(Records from a dataset)
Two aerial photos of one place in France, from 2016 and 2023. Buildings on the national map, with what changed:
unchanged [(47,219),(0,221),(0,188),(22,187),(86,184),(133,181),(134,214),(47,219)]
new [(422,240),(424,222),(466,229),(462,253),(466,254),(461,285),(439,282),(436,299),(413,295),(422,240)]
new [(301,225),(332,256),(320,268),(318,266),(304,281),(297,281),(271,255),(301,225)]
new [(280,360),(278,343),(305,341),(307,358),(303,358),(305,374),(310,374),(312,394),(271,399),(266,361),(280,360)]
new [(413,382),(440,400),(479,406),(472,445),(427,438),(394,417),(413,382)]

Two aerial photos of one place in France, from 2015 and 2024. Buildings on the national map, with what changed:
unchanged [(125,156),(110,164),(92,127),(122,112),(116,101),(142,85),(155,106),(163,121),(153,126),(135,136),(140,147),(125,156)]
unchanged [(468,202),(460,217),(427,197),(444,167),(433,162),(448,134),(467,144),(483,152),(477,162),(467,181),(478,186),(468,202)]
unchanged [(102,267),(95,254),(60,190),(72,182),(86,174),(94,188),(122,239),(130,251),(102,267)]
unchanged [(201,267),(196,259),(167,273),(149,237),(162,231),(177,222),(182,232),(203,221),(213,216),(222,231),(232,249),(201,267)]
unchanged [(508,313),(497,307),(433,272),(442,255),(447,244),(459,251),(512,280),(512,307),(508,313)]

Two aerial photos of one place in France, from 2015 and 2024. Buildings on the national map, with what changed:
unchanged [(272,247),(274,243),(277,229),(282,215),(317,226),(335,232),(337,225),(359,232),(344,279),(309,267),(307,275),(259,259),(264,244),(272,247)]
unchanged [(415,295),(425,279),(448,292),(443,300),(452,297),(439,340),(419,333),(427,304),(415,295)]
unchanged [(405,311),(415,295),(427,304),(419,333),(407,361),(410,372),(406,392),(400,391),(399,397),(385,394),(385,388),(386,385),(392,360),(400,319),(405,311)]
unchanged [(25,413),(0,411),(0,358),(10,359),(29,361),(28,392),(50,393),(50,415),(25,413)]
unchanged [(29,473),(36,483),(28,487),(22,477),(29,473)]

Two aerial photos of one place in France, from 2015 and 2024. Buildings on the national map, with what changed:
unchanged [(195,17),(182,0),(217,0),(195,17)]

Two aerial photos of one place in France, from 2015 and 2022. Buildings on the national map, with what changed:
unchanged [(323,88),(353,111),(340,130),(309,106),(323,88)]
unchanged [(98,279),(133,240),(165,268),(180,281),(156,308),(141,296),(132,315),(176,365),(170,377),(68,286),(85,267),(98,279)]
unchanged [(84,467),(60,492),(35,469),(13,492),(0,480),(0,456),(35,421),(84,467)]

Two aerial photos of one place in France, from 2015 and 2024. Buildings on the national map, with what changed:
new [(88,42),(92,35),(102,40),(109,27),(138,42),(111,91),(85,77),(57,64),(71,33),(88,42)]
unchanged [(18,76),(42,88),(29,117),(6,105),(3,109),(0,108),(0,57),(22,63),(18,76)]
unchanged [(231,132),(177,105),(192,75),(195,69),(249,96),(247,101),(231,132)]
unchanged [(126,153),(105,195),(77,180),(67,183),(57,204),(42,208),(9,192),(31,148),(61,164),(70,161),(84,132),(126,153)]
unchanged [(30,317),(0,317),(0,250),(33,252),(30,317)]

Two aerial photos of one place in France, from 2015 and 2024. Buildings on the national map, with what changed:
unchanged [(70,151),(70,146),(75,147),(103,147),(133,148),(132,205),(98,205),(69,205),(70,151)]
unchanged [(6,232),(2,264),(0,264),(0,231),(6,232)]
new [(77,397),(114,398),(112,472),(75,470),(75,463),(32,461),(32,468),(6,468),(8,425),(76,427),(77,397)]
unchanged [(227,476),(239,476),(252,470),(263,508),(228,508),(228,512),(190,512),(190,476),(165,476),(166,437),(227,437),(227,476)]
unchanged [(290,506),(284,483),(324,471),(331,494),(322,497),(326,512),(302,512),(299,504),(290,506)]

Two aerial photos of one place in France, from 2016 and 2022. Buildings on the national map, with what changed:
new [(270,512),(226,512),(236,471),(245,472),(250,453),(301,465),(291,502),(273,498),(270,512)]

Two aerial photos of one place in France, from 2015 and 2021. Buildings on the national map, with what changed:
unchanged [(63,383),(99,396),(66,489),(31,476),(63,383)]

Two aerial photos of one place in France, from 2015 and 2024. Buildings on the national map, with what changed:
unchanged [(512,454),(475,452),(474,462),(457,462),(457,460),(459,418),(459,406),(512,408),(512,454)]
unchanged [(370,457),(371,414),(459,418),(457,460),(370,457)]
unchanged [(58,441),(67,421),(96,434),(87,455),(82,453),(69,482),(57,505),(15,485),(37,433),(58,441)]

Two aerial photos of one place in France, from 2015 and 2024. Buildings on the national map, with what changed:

* [Task instructions]
Repeat, without changes, every line from the one that contains "2015 and 2021." through the final line of the data.

* [Response to the exercise]
Two aerial photos of one place in France, from 2015 and 2021. Buildings on the national map, with what changed:
unchanged [(63,383),(99,396),(66,489),(31,476),(63,383)]

Two aerial photos of one place in France, from 2015 and 2024. Buildings on the national map, with what changed:
unchanged [(512,454),(475,452),(474,462),(457,462),(457,460),(459,418),(459,406),(512,408),(512,454)]
unchanged [(370,457),(371,414),(459,418),(457,460),(370,457)]
unchanged [(58,441),(67,421),(96,434),(87,455),(82,453),(69,482),(57,505),(15,485),(37,433),(58,441)]

Two aerial photos of one place in France, from 2015 and 2024. Buildings on the national map, with what changed:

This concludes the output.